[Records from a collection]
Segment Open

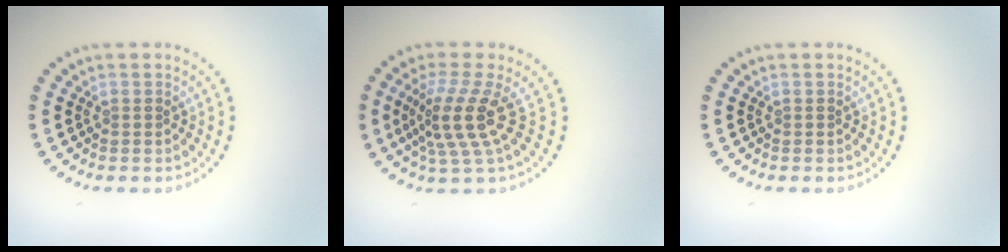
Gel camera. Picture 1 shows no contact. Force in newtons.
{"total": 4.3, "press": 3.1, "slide": 3.0}
{"total": 0.0}
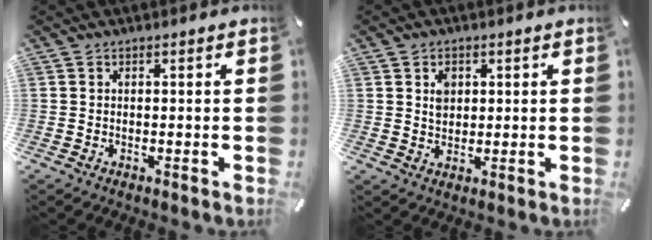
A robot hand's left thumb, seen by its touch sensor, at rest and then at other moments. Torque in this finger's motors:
{"motor_torque": [0.45, 0.65, 0.33, -0.40, 0.00]}
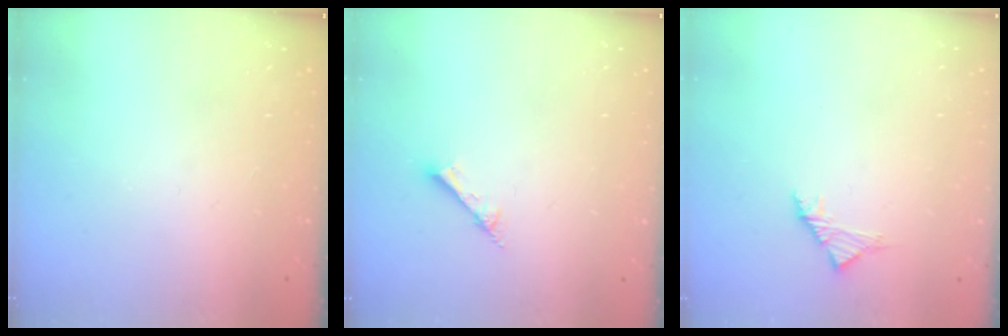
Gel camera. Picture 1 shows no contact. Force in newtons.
{"total": 2.8, "press": 2.7, "slide": 0.4}
{"total": 2.8, "press": 2.6, "slide": 0.8}
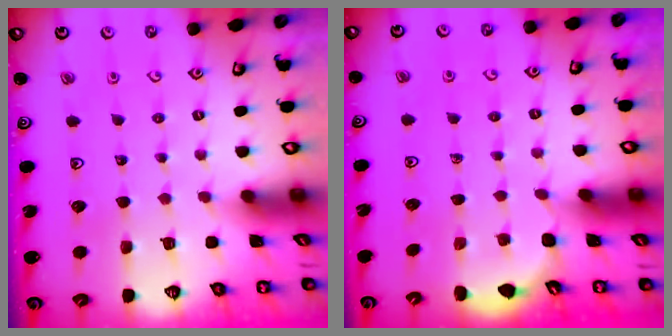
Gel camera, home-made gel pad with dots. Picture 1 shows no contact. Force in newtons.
{"total": 2.3, "press": 1.8, "slide": 1.4}
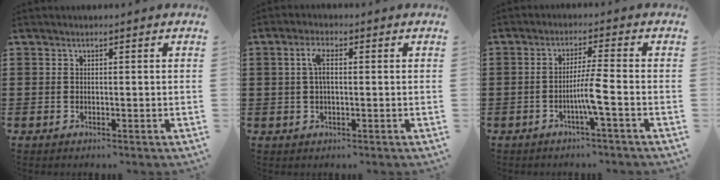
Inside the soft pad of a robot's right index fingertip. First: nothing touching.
{"total": 3.7, "force": [0.5, 1.4, 3.4], "torque": [-0.077, 0.006, 0.004]}
{"total": 4.6, "force": [-1.7, -0.7, 4.2], "torque": [-0.081, -0.013, -0.037]}
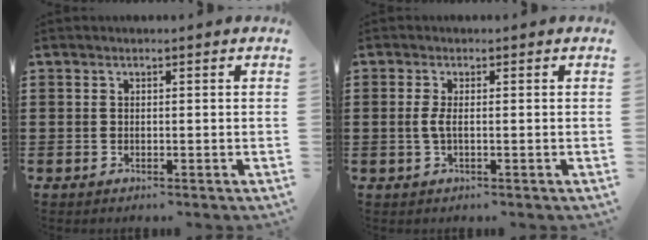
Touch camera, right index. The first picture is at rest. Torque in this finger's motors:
{"motor_torque": [0.25, 0.27, 0.22, 0.08]}

Segment Closed

→ **Goal of the exercise**
Since the pictures are not wanted, copy only the text of the records above, exactly.

→ **Answer**
Gel camera. Picture 1 shows no contact. Force in newtons.
{"total": 4.3, "press": 3.1, "slide": 3.0}
{"total": 0.0}
A robot hand's left thumb, seen by its touch sensor, at rest and then at other moments. Torque in this finger's motors:
{"motor_torque": [0.45, 0.65, 0.33, -0.40, 0.00]}
Gel camera. Picture 1 shows no contact. Force in newtons.
{"total": 2.8, "press": 2.7, "slide": 0.4}
{"total": 2.8, "press": 2.6, "slide": 0.8}
Gel camera, home-made gel pad with dots. Picture 1 shows no contact. Force in newtons.
{"total": 2.3, "press": 1.8, "slide": 1.4}
Inside the soft pad of a robot's right index fingertip. First: nothing touching.
{"total": 3.7, "force": [0.5, 1.4, 3.4], "torque": [-0.077, 0.006, 0.004]}
{"total": 4.6, "force": [-1.7, -0.7, 4.2], "torque": [-0.081, -0.013, -0.037]}
Touch camera, right index. The first picture is at rest. Torque in this finger's motors:
{"motor_torque": [0.25, 0.27, 0.22, 0.08]}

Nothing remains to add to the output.